This repository contains configuration files to stand up a minimal monitoring stack on a Kubernetes cluster, as well as a number of sample queries you can test against your cluster. I tested these configurations and queries against the latest 1.12 stable release on GKE (1.12.5-gke.10 as of the time of writing).
This README assumes that you already have access to a Kubernetes cluster
running the 1.12 release. You can spin up a new cluster pretty quickly (it took
me about 10 minutes) using a free GKE trial. See the Google Cloud Platform
console and developer docs for how to do that; there are also docs
available for how to install the gcloud
command line client and kubectl
tool.
kube-state-metrics
is like a Prometheus adapter for your current
cluster state. It provides many useful metrics that can help you
understand your cluster's quality of service.

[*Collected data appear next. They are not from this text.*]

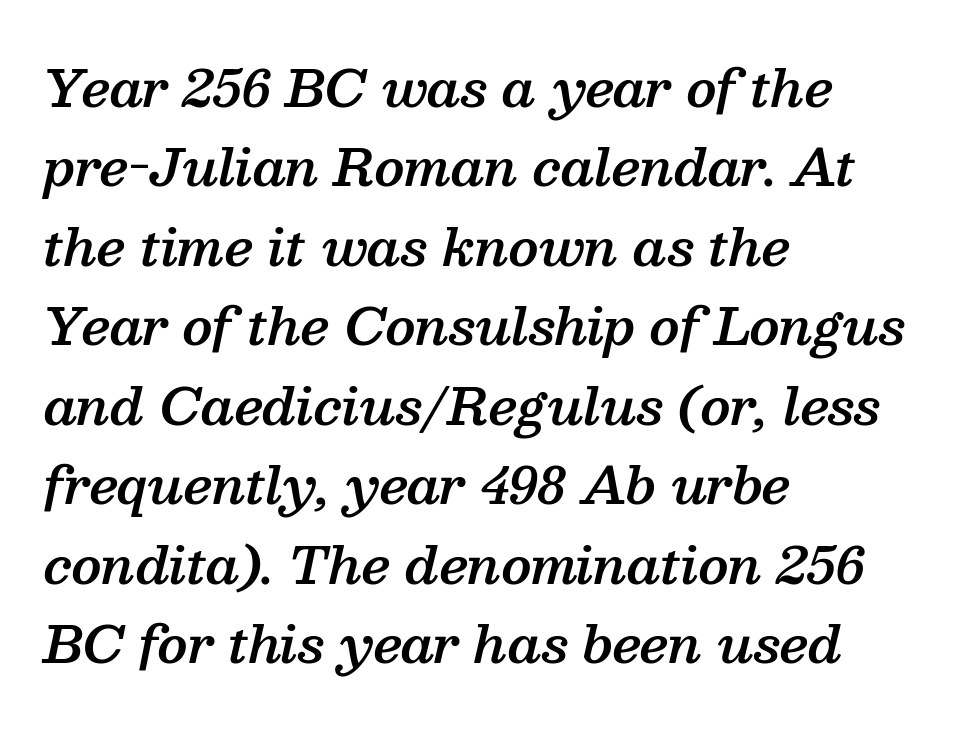
{"serif": "yes", "italic": "yes", "lean": "right", "slant_degrees": 13, "bold": "semi", "weight": "semibold", "width": "normal", "stroke_contrast": "medium", "x_height": "medium", "monospaced": "no", "underline": "no", "align": "left", "line_spacing": "normal", "line_spacing_ratio": 1.59, "letter_spacing": "normal", "letter_spacing_em": 0.0, "glyph_px": 50}
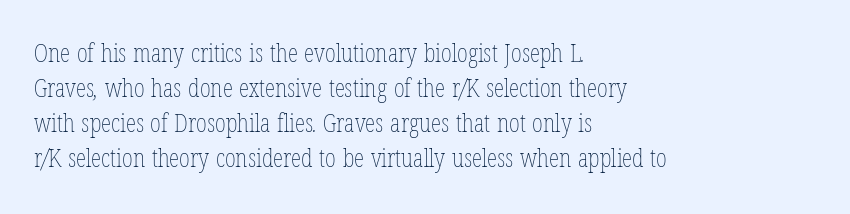
Q: Is the text bold? A: No.
Q: Is the text underlined? A: No.
Q: How is the paragraph aligned? A: Left-aligned.
Q: Is the spacing between letters normal or unusually wide? A: Normal.
Q: Is the spacing between lines tight, normal or loose? A: Normal.
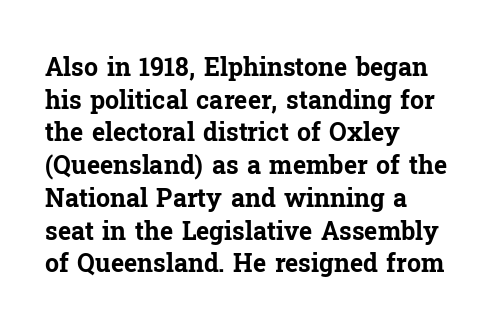
You could call the tracking neutral — neither tight nor loose. Ordinary non-slanted type is in use. Heavy, bold letterforms. Does the copy run flush right? No — it runs flush left. Regular leading.
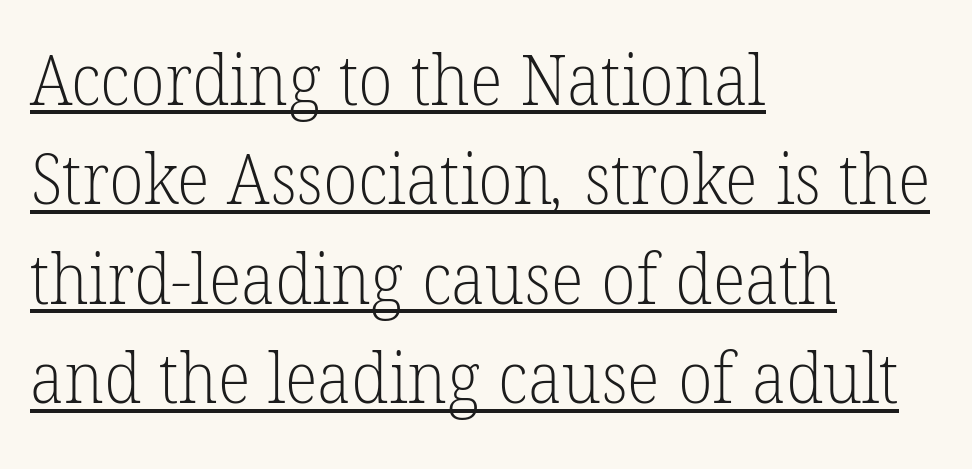
Q: Is the text bold? A: No.
Q: Is the typeface a serif or a sans-serif typeface? A: Serif.
Q: Is the text underlined? A: Yes.
Q: How is the paragraph aligned? A: Left-aligned.
Q: Is the spacing between letters normal or unusually wide? A: Normal.
Q: Is the spacing between lines tight, normal or loose? A: Normal.
Q: Width (condensed, normal, or wide)? A: Normal.
Q: Stroke contrast? A: Low.
Q: x-height? A: Medium.
Q: Monospaced? A: No.
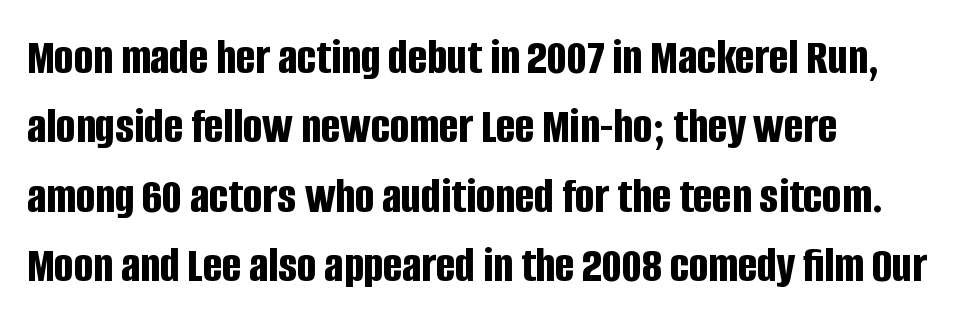
{"serif": "no", "italic": "no", "bold": "yes", "weight": "bold", "width": "condensed", "stroke_contrast": "low", "x_height": "large", "monospaced": "no", "underline": "no", "align": "left", "line_spacing": "normal", "line_spacing_ratio": 1.36, "letter_spacing": "normal", "letter_spacing_em": 0.0, "glyph_px": 51}
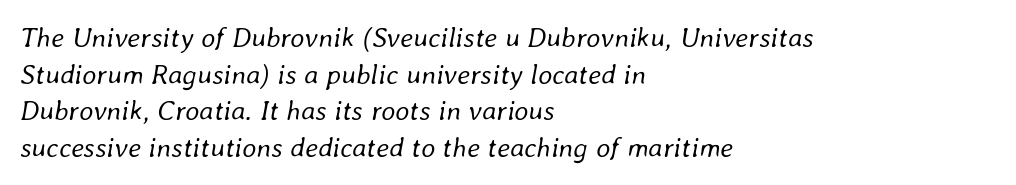
{"italic": "yes", "lean": "right", "slant_degrees": 8, "bold": "no", "weight": "regular", "width": "normal", "stroke_contrast": "low", "x_height": "medium", "monospaced": "no", "underline": "no", "align": "left", "line_spacing": "normal", "line_spacing_ratio": 1.31, "letter_spacing": "normal", "letter_spacing_em": 0.0, "glyph_px": 28}
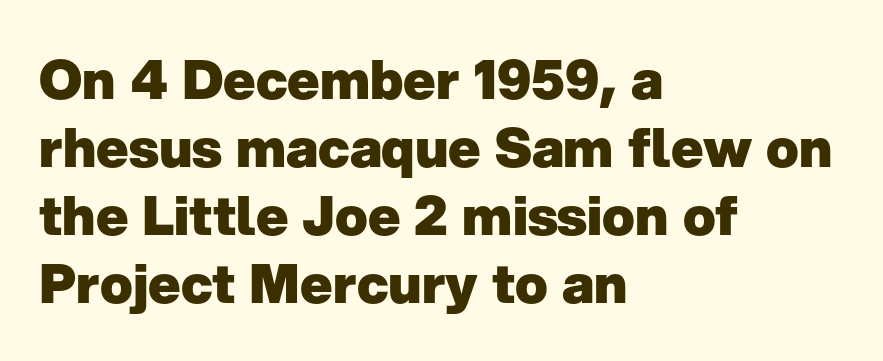
One glance says typical: line gaps are just what's usual. The tracking reads as untouched default to a designer's eye. The rag falls on the right side of this text block. Think of a printed novel: that variable character pitch is what you see here.
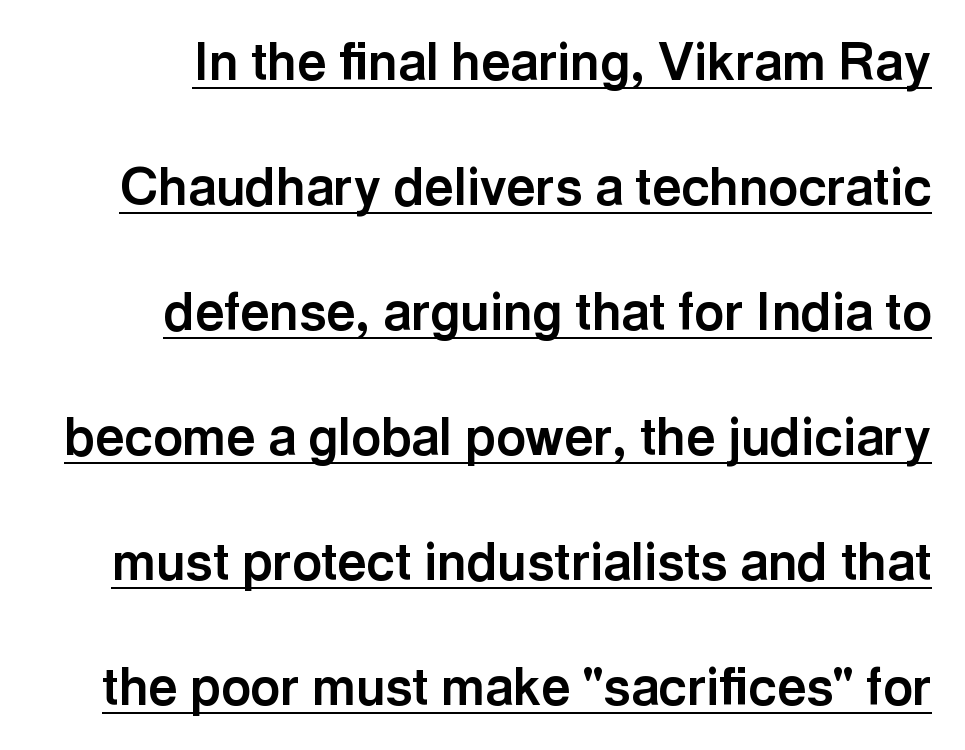
{"serif": "no", "italic": "no", "bold": "yes", "weight": "bold", "width": "normal", "x_height": "medium", "monospaced": "no", "underline": "yes", "line_spacing": "loose", "line_spacing_ratio": 2.45, "letter_spacing": "normal", "letter_spacing_em": 0.0, "glyph_px": 51}

You can deploy the configurations provided by upstream directly
from the master branch. I tested using the 1.5.0 release of KSM. A copy of
the working 1.5.0 configurations is included in this repository for reference
under the kube-state-metrics/
folder.
# Apply KSM configurations to the cluster
kubectl apply -f kube-state-metrics/
# clusterrolebinding.rbac.authorization.k8s.io/kube-state-metrics created
# clusterrole.rbac.authorization.k8s.io/kube-state-metrics created
# deployment.apps/kube-state-metrics created
# rolebinding.rbac.authorization.k8s.io/kube-state-metrics created
# role.rbac.authorization.k8s.io/kube-state-metrics-resizer created
# serviceaccount/kube-state-metrics created
# service/kube-state-metrics created
# Start a proxy to verify metrics
kubectl proxy &
# Curl the KSM metrics endpoint via the API server proxy
curl http://localhost:8001/api/v1/namespaces/kube-system/services/kube-state-metrics:8080/proxy/metrics
# Output:
# # HELP kube_configmap_info Information about configmap.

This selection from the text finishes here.